Exercise requirements - Each entry should be returned exactly as written, with no pictures carried over.

Supplied data -
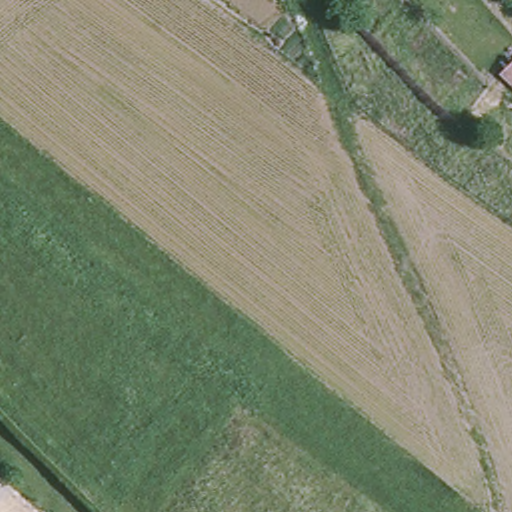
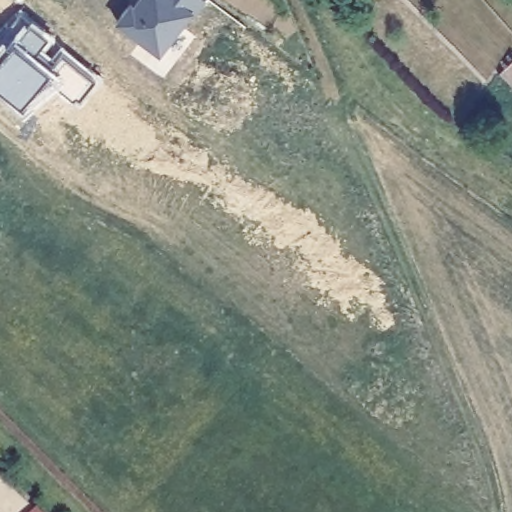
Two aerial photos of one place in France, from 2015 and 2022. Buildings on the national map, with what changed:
new [(163,57),(119,27),(137,0),(201,0),(203,2),(163,57)]
new [(49,39),(38,57),(50,67),(58,56),(95,85),(76,107),(51,87),(24,117),(0,100),(0,57),(27,22),(49,39)]
unchanged [(512,61),(512,86),(500,75),(512,61)]
new [(41,512),(31,512),(36,507),(41,512)]

Output of the exercise -
Two aerial photos of one place in France, from 2015 and 2022. Buildings on the national map, with what changed:
new [(163,57),(119,27),(137,0),(201,0),(203,2),(163,57)]
new [(49,39),(38,57),(50,67),(58,56),(95,85),(76,107),(51,87),(24,117),(0,100),(0,57),(27,22),(49,39)]
unchanged [(512,61),(512,86),(500,75),(512,61)]
new [(41,512),(31,512),(36,507),(41,512)]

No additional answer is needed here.